German is one of the most commonly spoken languages in the world. That being said, it’s not always easy to find german language datasets with a specific dialect or type of speech to train your models.
That’s why we’ve done the hard bit for you. Here at Twine, we’ve searched high and low to find the best German Language datasets.
Are you ready?
Let’s dive into our list of the best German Language datasets in 2022.
Here are our top picks for German Language datasets:
1. Multi30k Dataset
Created by Elliott et al. in 2016, the Multi30k Dataset of images paired with sentences in English and German. This dataset extends the Flickr30K dataset., in German, and English language. Containing 31,014 in n/a file format.
2. WebNLG (Enriched) Dataset
Created by Gardent et al. in 2017, the WebNLG (Enriched) Dataset consists of 25,298 (data, text) pairs and 9,674 distinct data units. The data units are sets of RDF triples extracted from DBPedia and the texts are sequences of one or more sentences verbalizing these data units., in German, and English language. Containing 25,298 in XML file format.
3. Ten Thousand German News Articles Dataset (10kGNAD) Dataset
Created by Timo Block in 2019, the Ten Thousand German News Articles Dataset (10kGNAD) Dataset consists of 10273 german language news articles from an Austrian online newspaper categorized into nine topics., in German language. Containing 10,273 in CSV file format.
4. CC100-German Dataset
Created by Conneau & Wenzek et al. in 2020, the CC100-German This dataset is one of the 100 corpora of monolingual data that was processed from the January-December 2018 Commoncrawl snapshots from the CC-Net repository. The size of this corpus is 18G., in the German language. Containing n/a in Text file format.
5. GermEval 2014 NER Shared Task Dataset
Created by Benikova et al. in 2014, the GermEval 2014 NER Shared Task The data was sampled from German Wikipedia and News Corpora as a collection of citations.
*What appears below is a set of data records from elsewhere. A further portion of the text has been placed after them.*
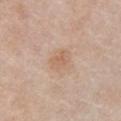Q: Was this lesion biopsied?
A: imaged on a skin check; not biopsied
Q: Where on the body is the lesion?
A: the chest
Q: Illumination type?
A: white-light illumination
Q: What kind of image is this?
A: ~15 mm crop, total-body skin-cancer survey
Q: What are the patient's age and sex?
A: male, aged 73 to 77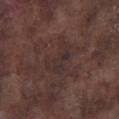Clinical impression: No biopsy was performed on this lesion — it was imaged during a full skin examination and was not determined to be concerning. Background: Located on the left lower leg. Automated image analysis of the tile measured a lesion color around L≈29 a*≈15 b*≈16 in CIELAB. The subject is a male in their mid-70s. Captured under white-light illumination. The lesion's longest dimension is about 4.5 mm. Cropped from a whole-body photographic skin survey; the tile spans about 15 mm.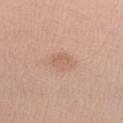Recorded during total-body skin imaging; not selected for excision or biopsy.
The lesion is on the left forearm.
Cropped from a whole-body photographic skin survey; the tile spans about 15 mm.
A female patient approximately 40 years of age.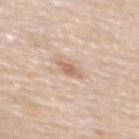biopsy status: total-body-photography surveillance lesion; no biopsy
site: the upper back
subject: female, aged approximately 50
image: 15 mm crop, total-body photography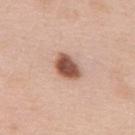Captured during whole-body skin photography for melanoma surveillance; the lesion was not biopsied.
From the upper back.
Cropped from a total-body skin-imaging series; the visible field is about 15 mm.
A male patient approximately 60 years of age.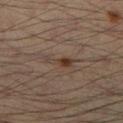{"biopsy_status": "not biopsied; imaged during a skin examination", "automated_metrics": {"area_mm2_approx": 3.5, "eccentricity": 0.95, "shape_asymmetry": 0.55, "border_irregularity_0_10": 6.5, "color_variation_0_10": 1.5}, "lesion_size": {"long_diameter_mm_approx": 4.0}, "image": {"source": "total-body photography crop", "field_of_view_mm": 15}, "patient": {"sex": "male", "age_approx": 35}, "site": "right lower leg", "lighting": "cross-polarized"}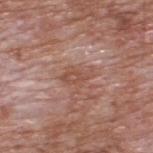Case summary:
• biopsy status — total-body-photography surveillance lesion; no biopsy
• lesion diameter — about 3.5 mm
• site — the upper back
• patient — male, aged 58–62
• imaging modality — ~15 mm tile from a whole-body skin photo
• automated lesion analysis — an area of roughly 5 mm² and a shape eccentricity near 0.8; a normalized border contrast of about 6; a border-irregularity rating of about 4.5/10 and peripheral color asymmetry of about 1; an automated nevus-likeness rating near 0 out of 100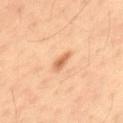Clinical impression: The lesion was photographed on a routine skin check and not biopsied; there is no pathology result. Background: Cropped from a whole-body photographic skin survey; the tile spans about 15 mm. A male subject, aged 33–37. The lesion is located on the lower back. Approximately 3 mm at its widest. Imaged with cross-polarized lighting.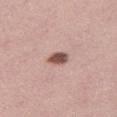workup: catalogued during a skin exam; not biopsied | illumination: white-light | body site: the right thigh | lesion diameter: ≈2.5 mm | subject: female, in their mid- to late 30s | image: 15 mm crop, total-body photography.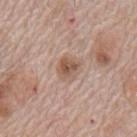notes: catalogued during a skin exam; not biopsied
lighting: white-light illumination
site: the mid back
lesion size: ~2.5 mm (longest diameter)
subject: male, aged around 70
acquisition: 15 mm crop, total-body photography
automated metrics: a border-irregularity index near 2/10, a color-variation rating of about 4/10, and radial color variation of about 1.5; lesion-presence confidence of about 100/100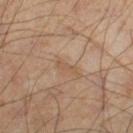follow-up: imaged on a skin check; not biopsied | tile lighting: cross-polarized illumination | acquisition: ~15 mm tile from a whole-body skin photo | diameter: ≈2.5 mm | anatomic site: the right lower leg | subject: male, in their mid- to late 40s.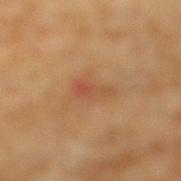Q: Was a biopsy performed?
A: total-body-photography surveillance lesion; no biopsy
Q: Who is the patient?
A: male, about 60 years old
Q: What did automated image analysis measure?
A: a footprint of about 3.5 mm², an eccentricity of roughly 0.85, and a symmetry-axis asymmetry near 0.5; a lesion color around L≈47 a*≈24 b*≈32 in CIELAB, roughly 7 lightness units darker than nearby skin, and a lesion-to-skin contrast of about 5.5 (normalized; higher = more distinct); a border-irregularity index near 5/10, internal color variation of about 1.5 on a 0–10 scale, and peripheral color asymmetry of about 0.5
Q: Lesion location?
A: the right lower leg
Q: What is the lesion's diameter?
A: ≈3 mm
Q: What is the imaging modality?
A: 15 mm crop, total-body photography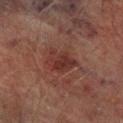biopsy_status: not biopsied; imaged during a skin examination
site: right lower leg
image:
  source: total-body photography crop
  field_of_view_mm: 15
patient:
  sex: male
  age_approx: 75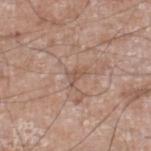Clinical impression:
This lesion was catalogued during total-body skin photography and was not selected for biopsy.
Image and clinical context:
The subject is a male aged 58–62. The lesion is located on the right lower leg. A lesion tile, about 15 mm wide, cut from a 3D total-body photograph. Imaged with white-light lighting. The lesion's longest dimension is about 2.5 mm.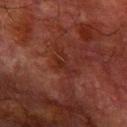Captured during whole-body skin photography for melanoma surveillance; the lesion was not biopsied.
Cropped from a total-body skin-imaging series; the visible field is about 15 mm.
The patient is a male roughly 80 years of age.
The lesion is on the right forearm.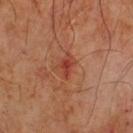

The dataset covers over 31,000 sentences corresponding to over 590,000 tokens., in the German language. Containing 31,000+ in TSV file format.
6. Event-focused Emotion Corpora for German and English Dataset
Created by Troiano et al. in 2019, the Event-focused Emotion Corpora for German and English German and English emotion corpora for emotion classification, annotated with crowdsourcing in the style of the ISEAR resources., in German, English language. Contains 2,002 in TSV file format.
To conclude, here are top picks for the best German Language datasets for your projects:
- Multi30k Dataset
- WebNLG (Enriched) Dataset
- Ten Thousand German News Articles Dataset (10kGNAD) Dataset
- CC100-German Dataset
- GermEval 2014 NER Shared Task Dataset
- Event-focused Emotion Corpora for German and English Dataset
We hope that this list has either helped you find a dataset for your project or, realize the myriad of options available to you.
If there are any datasets you would like us to add to the list then please let us know here.
If you would like to find out more about how we could help build a custom dataset for your project then please don’t hesitate to contact us!
Let us help you do the math – check our AI dataset project calculator.